Prove $A\approx A\times A$ using Zorn's Lemma

Question

I'm having trouble proving that if $A$ is an infinite set, then $A\approx A\times A$ using Zorn's Lemma directly.

My problem is I don't know how to choose the correct set to which apply Zorn; I have tried $$X=\{f_{B}\colon B\times B\longrightarrow B\mid B\subseteq A,\ f_{B}\ {\rm injective}\}$$ since it's obvious that $A\preceq A\times A$, and with $(X,\leq)$ (the order $f_{B}\leq f_{B'}$ if $B\subseteq B'$ and $f_{B'}$ restricted to $B\times B$ is $f_{B}$) I manage to get a maximal function of that kind, but then I can't "expand it" as usual to prove it must have domain $A\times A$. Do you know which set $X$ should I work with?

Answer 1

So, you're ordering such injective functions $f_B: B \times B \rightarrow B$ by the relation that $f_B \leq f_{B'}$ if and only if $B \subseteq B'$ and $f_{B'}$ restricts to $f_B$ on $B \times B$, right?
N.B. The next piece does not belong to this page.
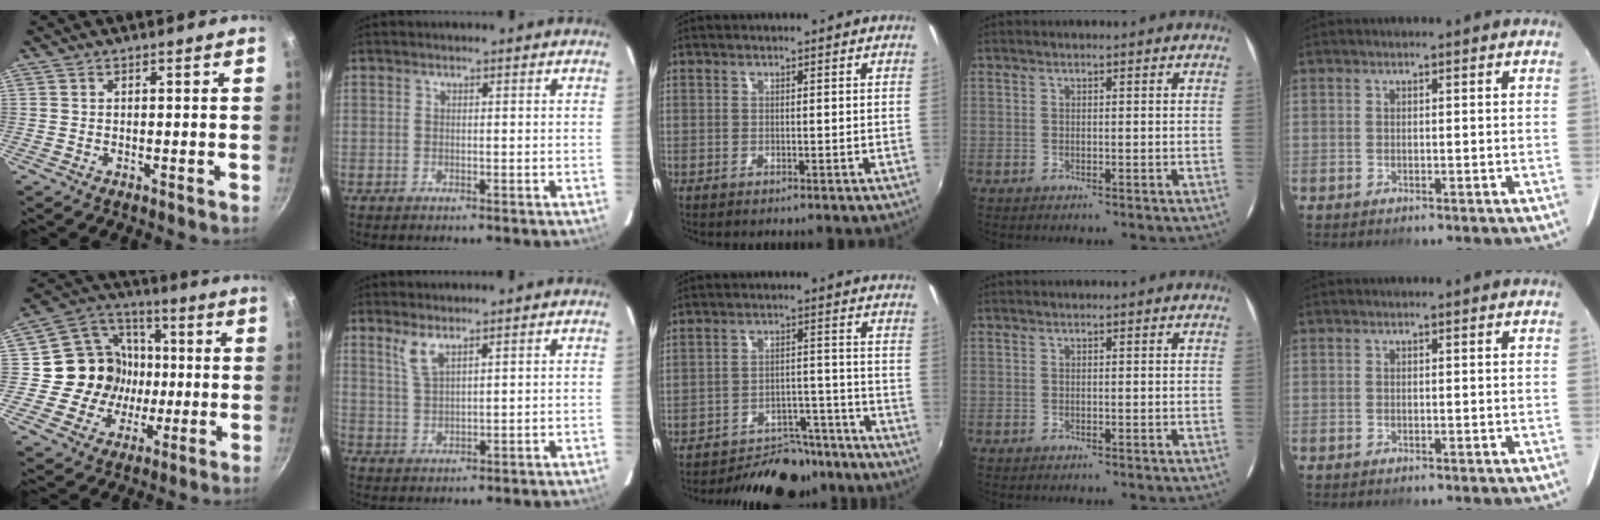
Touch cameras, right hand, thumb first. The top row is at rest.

By Zorn's lemma, there is a maximal such injective function $f_B: B \times B \rightarrow B$. If $B$ is properly contained in $A$, there are two cases (i): $A -B$ is finite or (ii): $A-B$ is infinite. In the first case, you're already done, because $B$ and $A$ would have the same cardinality. In the second case, you have plenty of leeway to extend $f_B$ to an injective function on $C \times C \rightarrow C$, where $C - B$ is infinite.